What is required
Retype the records below from their first line through the line holding "#217 = EDGE_CURVE", including both ends and no pictures.

Task material
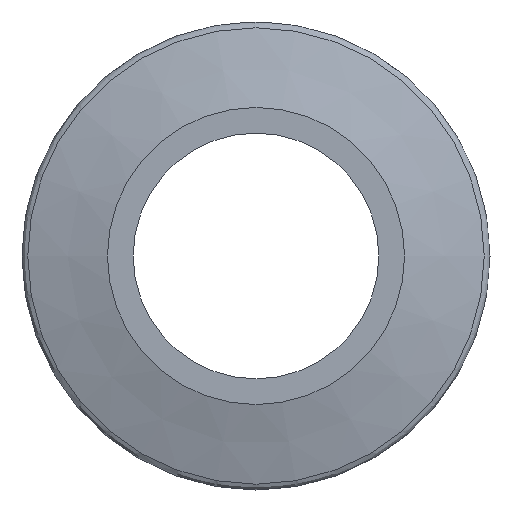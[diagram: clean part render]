
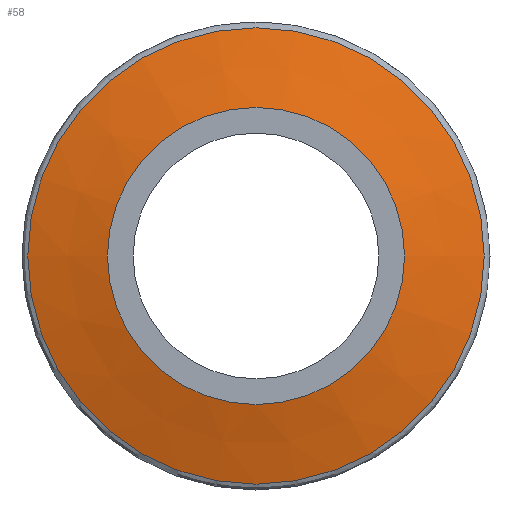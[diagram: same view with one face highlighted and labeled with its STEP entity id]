
A CAD part, left-side view. The second image highlights one B-rep face of the part: STEP entity #58.
In plain terms, the highlighted conical face has half-angle 75 degrees and reference radius 14.629 mm.
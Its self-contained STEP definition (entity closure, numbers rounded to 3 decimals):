
#8 = CARTESIAN_POINT ( 'NONE',  ( -3.099, 0., 0. ) ) ;
#19 = ORIENTED_EDGE ( 'NONE', *, *, #217, .F. ) ;
#32 = FACE_OUTER_BOUND ( 'NONE', #154, .T. ) ;
#34 = DIRECTION ( 'NONE',  ( 0., 0., -1. ) ) ;
#41 = EDGE_LOOP ( 'NONE', ( #19 ) ) ;
#58 = ADVANCED_FACE ( 'NONE', ( #32, #133 ), #99, .T. ) ;
#61 = VERTEX_POINT ( 'NONE', #250 ) ;
#67 = DIRECTION ( 'NONE',  ( 0., 1., 0. ) ) ;
#99 = CONICAL_SURFACE ( 'NONE', #229, 14.629, 1.309 ) ;
#103 = AXIS2_PLACEMENT_3D ( 'NONE', #228, #192, #107 ) ;
#104 = CIRCLE ( 'NONE', #103, 9.525 ) ;
#107 = DIRECTION ( 'NONE',  ( 0., 0., 1. ) ) ;
#130 = ORIENTED_EDGE ( 'NONE', *, *, #242, .T. ) ;
#133 = FACE_BOUND ( 'NONE', #41, .T. ) ;
#151 = CARTESIAN_POINT ( 'NONE',  ( -4.467, 0., 9.525 ) ) ;
#154 = EDGE_LOOP ( 'NONE', ( #130 ) ) ;
#176 = CARTESIAN_POINT ( 'NONE',  ( -3.099, 0., 0. ) ) ;
#192 = DIRECTION ( 'NONE',  ( -1., 0., 0. ) ) ;
#199 = AXIS2_PLACEMENT_3D ( 'NONE', #8, #218, #67 ) ;
#217 = EDGE_CURVE ( 'NONE', #254, #254, #104, .T. ) ;
#218 = DIRECTION ( 'NONE',  ( -1., 0., 0. ) ) ;
#228 = CARTESIAN_POINT ( 'NONE',  ( -4.467, 0., 0. ) ) ;
#229 = AXIS2_PLACEMENT_3D ( 'NONE', #176, #253, #34 ) ;
#231 = CIRCLE ( 'NONE', #199, 14.629 ) ;
#242 = EDGE_CURVE ( 'NONE', #61, #61, #231, .T. ) ;
#250 = CARTESIAN_POINT ( 'NONE',  ( -3.099, 14.629, 0. ) ) ;
#253 = DIRECTION ( 'NONE',  ( 1., 0., 0. ) ) ;
#254 = VERTEX_POINT ( 'NONE', #151 ) ;
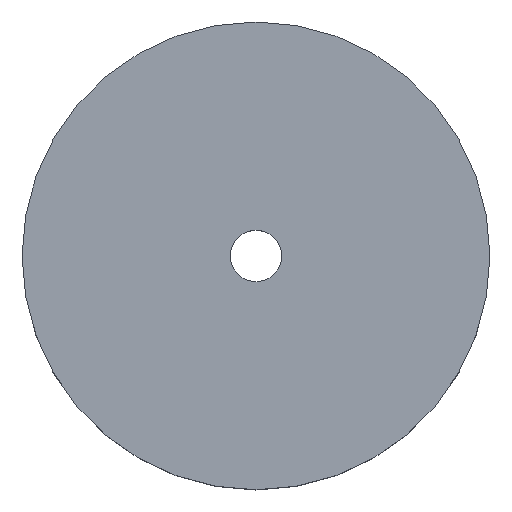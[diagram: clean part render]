
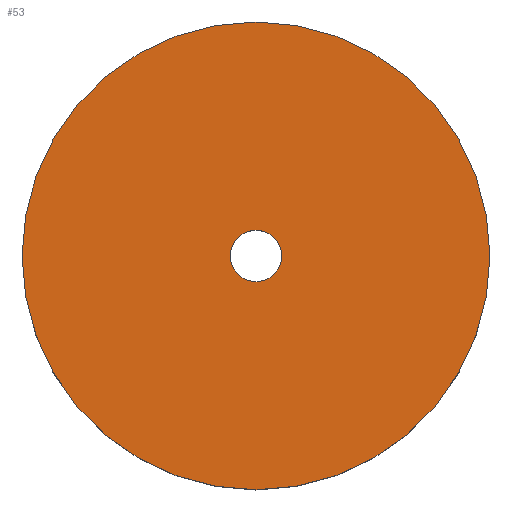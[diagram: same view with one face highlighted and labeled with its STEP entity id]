
A CAD part, top view. The second image highlights one B-rep face of the part: STEP entity #53.
In plain terms, the highlighted planar face has unit normal (0, 0, 1).
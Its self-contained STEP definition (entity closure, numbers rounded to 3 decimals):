
#16 = AXIS2_PLACEMENT_3D ( 'NONE', #1167, #1168, #1169 ) ;
#21 = AXIS2_PLACEMENT_3D ( 'NONE', #1170, #1171, #1172 ) ;
#25 = CIRCLE ( 'NONE', #16, 2.2 ) ;
#33 = CIRCLE ( 'NONE', #21, 20. ) ;
#53 = ADVANCED_FACE ( 'NONE', ( #615, #616 ), #786, .T. ) ;
#65 = EDGE_CURVE ( 'NONE', #306, #314, #1423, .T. ) ;
#68 = EDGE_CURVE ( 'NONE', #303, #316, #1360, .T. ) ;
#239 = EDGE_CURVE ( 'NONE', #316, #303, #25, .T. ) ;
#240 = EDGE_CURVE ( 'NONE', #314, #306, #33, .T. ) ;
#261 = ORIENTED_EDGE ( 'NONE', *, *, #65, .T. ) ;
#266 = ORIENTED_EDGE ( 'NONE', *, *, #68, .F. ) ;
#274 = ORIENTED_EDGE ( 'NONE', *, *, #239, .F. ) ;
#277 = ORIENTED_EDGE ( 'NONE', *, *, #240, .T. ) ;
#303 = VERTEX_POINT ( 'NONE', #1234 ) ;
#306 = VERTEX_POINT ( 'NONE', #1237 ) ;
#314 = VERTEX_POINT ( 'NONE', #1245 ) ;
#316 = VERTEX_POINT ( 'NONE', #1247 ) ;
#493 = EDGE_LOOP ( 'NONE', ( #266, #274 ) ) ;
#573 = EDGE_LOOP ( 'NONE', ( #277, #261 ) ) ;
#615 = FACE_OUTER_BOUND ( 'NONE', #573, .T. ) ;
#616 = FACE_BOUND ( 'NONE', #493, .T. ) ;
#784 = CARTESIAN_POINT ( 'NONE',  ( 0., 0., 10. ) ) ;
#786 = PLANE ( 'NONE',  #1430 ) ;
#797 = DIRECTION ( 'NONE',  ( 0., 0., 1. ) ) ;
#798 = DIRECTION ( 'NONE',  ( 1., 0., 0. ) ) ;
#806 = DIRECTION ( 'NONE',  ( 0., 0., 1. ) ) ;
#830 = CARTESIAN_POINT ( 'NONE',  ( 0., 0., 10. ) ) ;
#836 = CARTESIAN_POINT ( 'NONE',  ( 0., 0., 10. ) ) ;
#839 = DIRECTION ( 'NONE',  ( 0., 0., 1. ) ) ;
#845 = DIRECTION ( 'NONE',  ( 1., 0., 0. ) ) ;
#862 = DIRECTION ( 'NONE',  ( 1., 0., 0. ) ) ;
#1167 = CARTESIAN_POINT ( 'NONE',  ( 0., 0., 10. ) ) ;
#1168 = DIRECTION ( 'NONE',  ( 0., 0., 1. ) ) ;
#1169 = DIRECTION ( 'NONE',  ( 1., 0., 0. ) ) ;
#1170 = CARTESIAN_POINT ( 'NONE',  ( 0., 0., 10. ) ) ;
#1171 = DIRECTION ( 'NONE',  ( 0., 0., 1. ) ) ;
#1172 = DIRECTION ( 'NONE',  ( 1., 0., 0. ) ) ;
#1234 = CARTESIAN_POINT ( 'NONE',  ( -2.2, 0., 10. ) ) ;
#1237 = CARTESIAN_POINT ( 'NONE',  ( 20., 0., 10. ) ) ;
#1245 = CARTESIAN_POINT ( 'NONE',  ( -20., 0., 10. ) ) ;
#1247 = CARTESIAN_POINT ( 'NONE',  ( 2.2, 0., 10. ) ) ;
#1346 = AXIS2_PLACEMENT_3D ( 'NONE', #784, #797, #862 ) ;
#1360 = CIRCLE ( 'NONE', #1413, 2.2 ) ;
#1413 = AXIS2_PLACEMENT_3D ( 'NONE', #830, #806, #845 ) ;
#1423 = CIRCLE ( 'NONE', #1346, 20. ) ;
#1430 = AXIS2_PLACEMENT_3D ( 'NONE', #836, #839, #798 ) ;
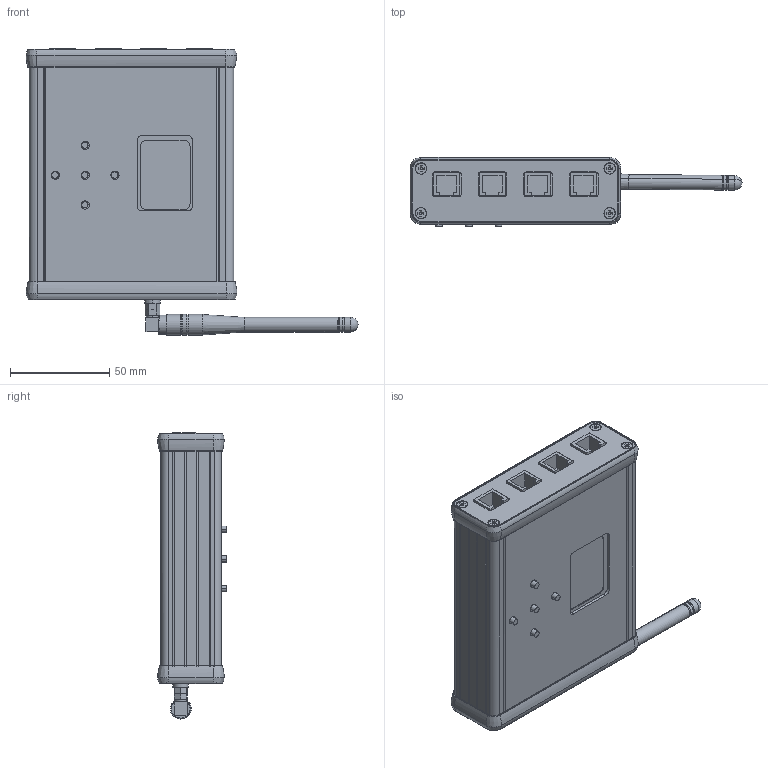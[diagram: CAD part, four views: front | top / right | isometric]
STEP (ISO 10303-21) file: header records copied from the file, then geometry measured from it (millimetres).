
FILE_DESCRIPTION(('CATIA V5 STEP Exchange'),'2;1');
FILE_NAME('main_assemblage.stp','2012-03-29T08:05:52+00:00',('none'),('none'),'CATIA Version 5 Release 19 SP 2 (IN-10)','CATIA V5 STEP AP203','none');
FILE_SCHEMA(('CONFIG_CONTROL_DESIGN'));
Length unit declared in the file: millimetre
Products named in the file (1): Produit1
Assembly tree (20 placements, depth 2):
  Produit1
    #58
    #4201
    #5734
    #10060
    #16673
    #18642
    #20985  x5
    #21149
    #21456  x8
Bounding box: 167.23 x 34.73 x 144.1 mm (x, y, z)
Volume: 126568.7 mm3; surface area: 133877.8 mm2
Topology: 25 solids, 25 shells, 902 faces, 2212 edges, 1387 vertices
Faces by surface type: plane 392, cylinder 326, bspline 80, torus 68, cone 34, sphere 2
Entity records: 21880 total; most frequent: CARTESIAN_POINT 5935, ORIENTED_EDGE 3616, DIRECTION 2646, EDGE_CURVE 1808, VERTEX_POINT 1159, AXIS2_PLACEMENT_3D 1097, VECTOR 966, LINE 966

Response area
[diagram: clean part render]
[diagram: same view with one face highlighted and labeled with its STEP entity id]
A CAD part, left-side view. The second image highlights one B-rep face of the part: STEP entity #58.
In plain terms, the highlighted conical face has half-angle 75 degrees and reference radius 14.629 mm.
Its self-contained STEP definition (entity closure, numbers rounded to 3 decimals):
#8 = CARTESIAN_POINT ( 'NONE',  ( -3.099, 0., 0. ) ) ;
#19 = ORIENTED_EDGE ( 'NONE', *, *, #217, .F. ) ;
#32 = FACE_OUTER_BOUND ( 'NONE', #154, .T. ) ;
#34 = DIRECTION ( 'NONE',  ( 0., 0., -1. ) ) ;
#41 = EDGE_LOOP ( 'NONE', ( #19 ) ) ;
#58 = ADVANCED_FACE ( 'NONE', ( #32, #133 ), #99, .T. ) ;
#61 = VERTEX_POINT ( 'NONE', #250 ) ;
#67 = DIRECTION ( 'NONE',  ( 0., 1., 0. ) ) ;
#99 = CONICAL_SURFACE ( 'NONE', #229, 14.629, 1.309 ) ;
#103 = AXIS2_PLACEMENT_3D ( 'NONE', #228, #192, #107 ) ;
#104 = CIRCLE ( 'NONE', #103, 9.525 ) ;
#107 = DIRECTION ( 'NONE',  ( 0., 0., 1. ) ) ;
#130 = ORIENTED_EDGE ( 'NONE', *, *, #242, .T. ) ;
#133 = FACE_BOUND ( 'NONE', #41, .T. ) ;
#151 = CARTESIAN_POINT ( 'NONE',  ( -4.467, 0., 9.525 ) ) ;
#154 = EDGE_LOOP ( 'NONE', ( #130 ) ) ;
#176 = CARTESIAN_POINT ( 'NONE',  ( -3.099, 0., 0. ) ) ;
#192 = DIRECTION ( 'NONE',  ( -1., 0., 0. ) ) ;
#199 = AXIS2_PLACEMENT_3D ( 'NONE', #8, #218, #67 ) ;
#217 = EDGE_CURVE ( 'NONE', #254, #254, #104, .T. ) ;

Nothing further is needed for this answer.